What is being asked =>
Each record below should be returned word for word, with no pictures included.

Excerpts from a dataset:
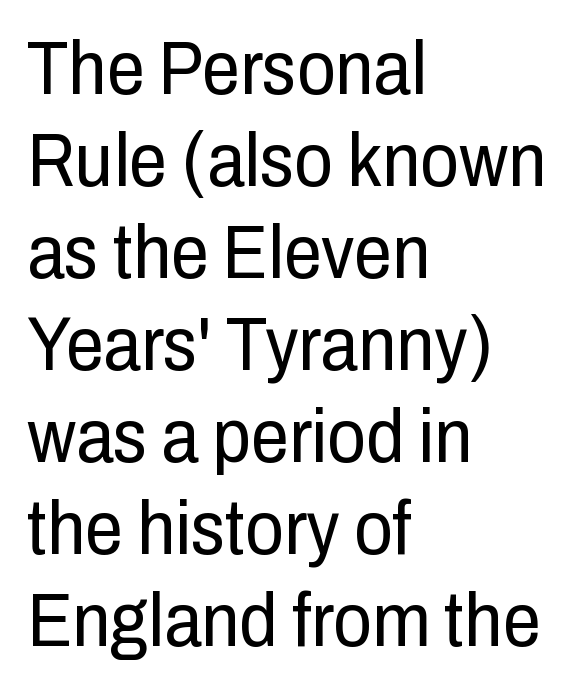
{"serif": "no", "italic": "no", "bold": "no", "weight": "regular", "width": "condensed", "stroke_contrast": "low", "x_height": "medium", "monospaced": "no", "underline": "no", "align": "left", "line_spacing_ratio": 1.21, "letter_spacing": "normal", "letter_spacing_em": 0.0, "glyph_px": 76}
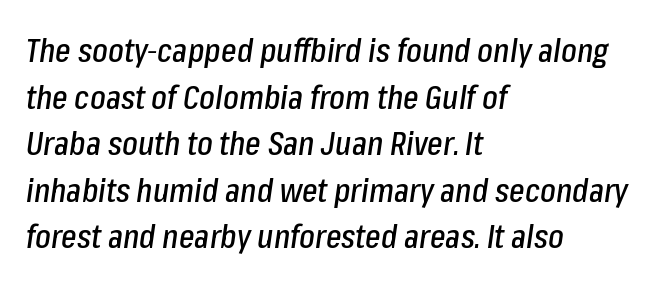
Q: Is the text italic (slanted)? A: Yes, it leans right by about 8 degrees.
Q: Is the text underlined? A: No.
Q: How is the paragraph aligned? A: Left-aligned.
Q: Is the spacing between letters normal or unusually wide? A: Normal.
Q: Is the spacing between lines tight, normal or loose? A: Normal.
Q: Width (condensed, normal, or wide)? A: Condensed.
Q: Stroke contrast? A: Low.
Q: x-height? A: Medium.
Q: Monospaced? A: No.
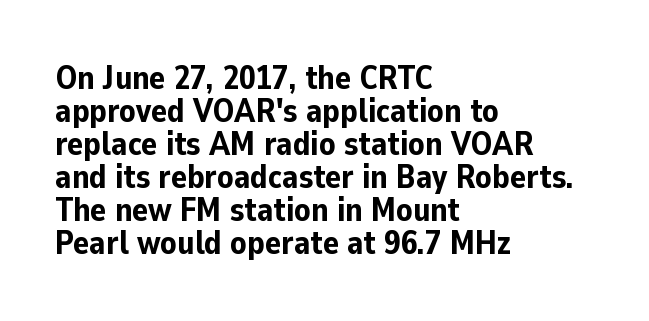
The image shows 33 px bold sans-serif type, upright; set left-aligned, tight line spacing (1.0x), normal letter spacing, not underlined; low stroke contrast and a medium x-height.
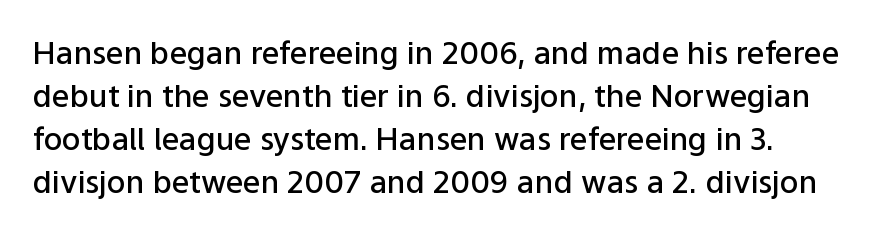
{"serif": "no", "italic": "no", "bold": "semi", "weight": "semibold", "width": "normal", "stroke_contrast": "low", "x_height": "medium", "monospaced": "no", "underline": "no", "line_spacing": "normal", "line_spacing_ratio": 1.39, "letter_spacing": "normal", "letter_spacing_em": 0.0, "glyph_px": 31}
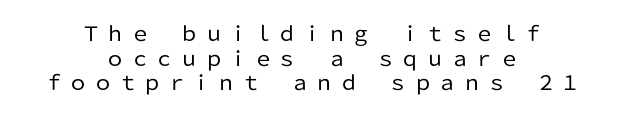
A typesetter would mark this as roman, not italic. The compositor balanced each line on the midline. The weight tops out at a normal text grade. Is the letter spacing exaggerated? Yes — the characters are pushed far apart. The specimen omits any rule beneath the text block's lines.
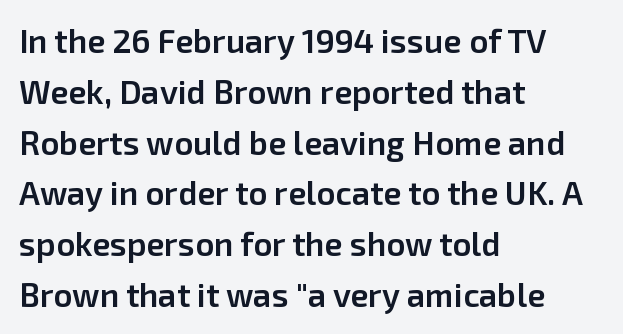
Q: Is the text bold? A: Semi-bold.
Q: Is the text italic (slanted)? A: No, it is upright.
Q: Is the typeface a serif or a sans-serif typeface? A: Sans-serif.
Q: Is the text underlined? A: No.
Q: How is the paragraph aligned? A: Left-aligned.
Q: Is the spacing between letters normal or unusually wide? A: Normal.
Q: Is the spacing between lines tight, normal or loose? A: Normal.
Q: Width (condensed, normal, or wide)? A: Normal.
Q: Stroke contrast? A: Low.
Q: x-height? A: Medium.
Q: Monospaced? A: No.
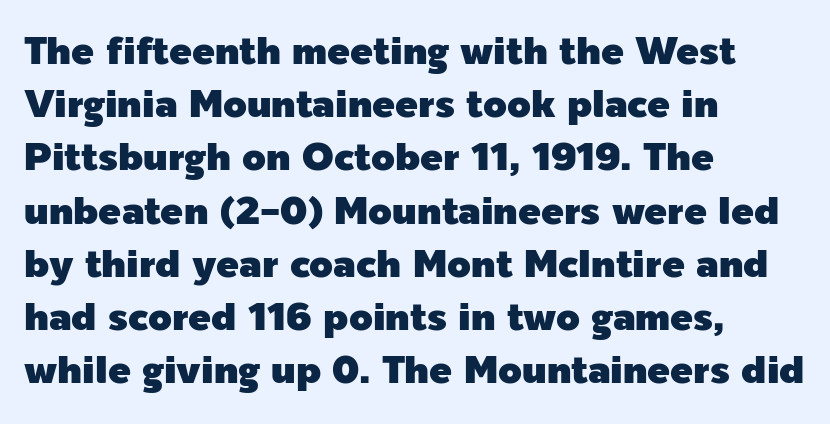
{"serif": "no", "italic": "no", "width": "normal", "x_height": "medium", "monospaced": "no", "underline": "no", "align": "left", "line_spacing": "normal", "line_spacing_ratio": 1.4, "letter_spacing": "normal", "letter_spacing_em": 0.0, "glyph_px": 38}
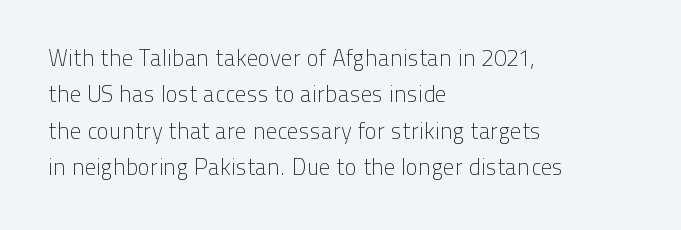
The image shows 23 px text type, upright; set left-aligned, normal line spacing (1.58x), normal letter spacing, not underlined.
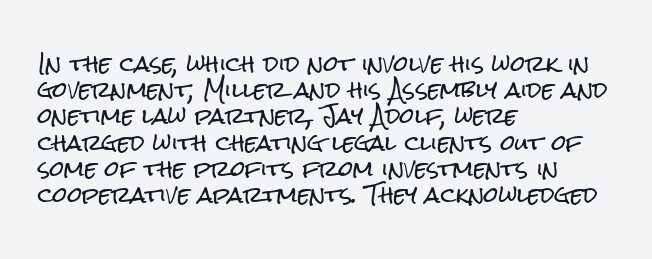
{"italic": "no", "underline": "no", "align": "left", "line_spacing": "normal", "line_spacing_ratio": 1.25, "letter_spacing": "normal", "letter_spacing_em": 0.0, "glyph_px": 21}
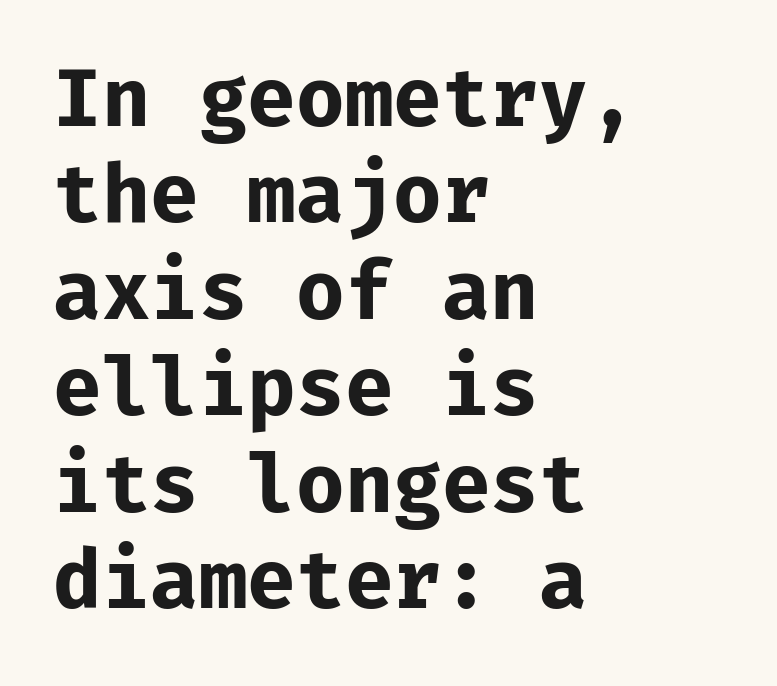
Q: Is the text bold? A: Yes.
Q: Is the text italic (slanted)? A: No, it is upright.
Q: Is the typeface a serif or a sans-serif typeface? A: Sans-serif.
Q: Is the text underlined? A: No.
Q: How is the paragraph aligned? A: Left-aligned.
Q: Is the spacing between letters normal or unusually wide? A: Normal.
Q: Width (condensed, normal, or wide)? A: Normal.
Q: Stroke contrast? A: Low.
Q: x-height? A: Medium.
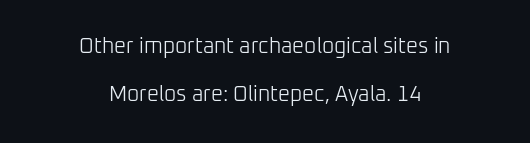
Ink coverage per letter is moderate at most. Only glyphs here, with clear space below each row. Upright lettering throughout. You could call the tracking neutral — neither tight nor loose. The paragraph shown floats in the horizontal middle. Line spacing here is loose.
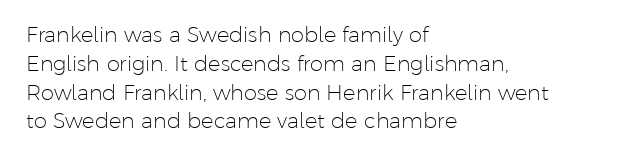
The image shows 21 px text type, upright; set left-aligned, normal line spacing (1.37x), normal letter spacing, not underlined.

Exercise answer =>
{"serif": "no", "italic": "no", "bold": "no", "weight": "regular", "width": "condensed", "stroke_contrast": "low", "x_height": "medium", "monospaced": "no", "underline": "no", "align": "left", "line_spacing_ratio": 1.21, "letter_spacing": "normal", "letter_spacing_em": 0.0, "glyph_px": 76}
Q: Is the text italic (slanted)? A: Yes, it leans right by about 8 degrees.
Q: Is the text underlined? A: No.
Q: How is the paragraph aligned? A: Left-aligned.
Q: Is the spacing between letters normal or unusually wide? A: Normal.
Q: Is the spacing between lines tight, normal or loose? A: Normal.
Q: Width (condensed, normal, or wide)? A: Condensed.
Q: Stroke contrast? A: Low.
Q: x-height? A: Medium.
Q: Monospaced? A: No.
The image shows 33 px bold sans-serif type, upright; set left-aligned, tight line spacing (1.0x), normal letter spacing, not underlined; low stroke contrast and a medium x-height.
{"serif": "no", "italic": "no", "bold": "semi", "weight": "semibold", "width": "normal", "stroke_contrast": "low", "x_height": "medium", "monospaced": "no", "underline": "no", "line_spacing": "normal", "line_spacing_ratio": 1.39, "letter_spacing": "normal", "letter_spacing_em": 0.0, "glyph_px": 31}
A typesetter would mark this as roman, not italic. The compositor balanced each line on the midline. The weight tops out at a normal text grade. Is the letter spacing exaggerated? Yes — the characters are pushed far apart. The specimen omits any rule beneath the text block's lines.
Q: Is the text bold? A: Semi-bold.
Q: Is the text italic (slanted)? A: No, it is upright.
Q: Is the typeface a serif or a sans-serif typeface? A: Sans-serif.
Q: Is the text underlined? A: No.
Q: How is the paragraph aligned? A: Left-aligned.
Q: Is the spacing between letters normal or unusually wide? A: Normal.
Q: Is the spacing between lines tight, normal or loose? A: Normal.
Q: Width (condensed, normal, or wide)? A: Normal.
Q: Stroke contrast? A: Low.
Q: x-height? A: Medium.
Q: Monospaced? A: No.
{"serif": "no", "italic": "no", "width": "normal", "x_height": "medium", "monospaced": "no", "underline": "no", "align": "left", "line_spacing": "normal", "line_spacing_ratio": 1.4, "letter_spacing": "normal", "letter_spacing_em": 0.0, "glyph_px": 38}
The image shows 23 px text type, upright; set left-aligned, normal line spacing (1.58x), normal letter spacing, not underlined.
{"italic": "no", "underline": "no", "align": "left", "line_spacing": "normal", "line_spacing_ratio": 1.25, "letter_spacing": "normal", "letter_spacing_em": 0.0, "glyph_px": 21}
Q: Is the text bold? A: Yes.
Q: Is the text italic (slanted)? A: No, it is upright.
Q: Is the typeface a serif or a sans-serif typeface? A: Sans-serif.
Q: Is the text underlined? A: No.
Q: How is the paragraph aligned? A: Left-aligned.
Q: Is the spacing between letters normal or unusually wide? A: Normal.
Q: Width (condensed, normal, or wide)? A: Normal.
Q: Stroke contrast? A: Low.
Q: x-height? A: Medium.
Ink coverage per letter is moderate at most. Only glyphs here, with clear space below each row. Upright lettering throughout. You could call the tracking neutral — neither tight nor loose. The paragraph shown floats in the horizontal middle. Line spacing here is loose.
The image shows 21 px text type, upright; set left-aligned, normal line spacing (1.37x), normal letter spacing, not underlined.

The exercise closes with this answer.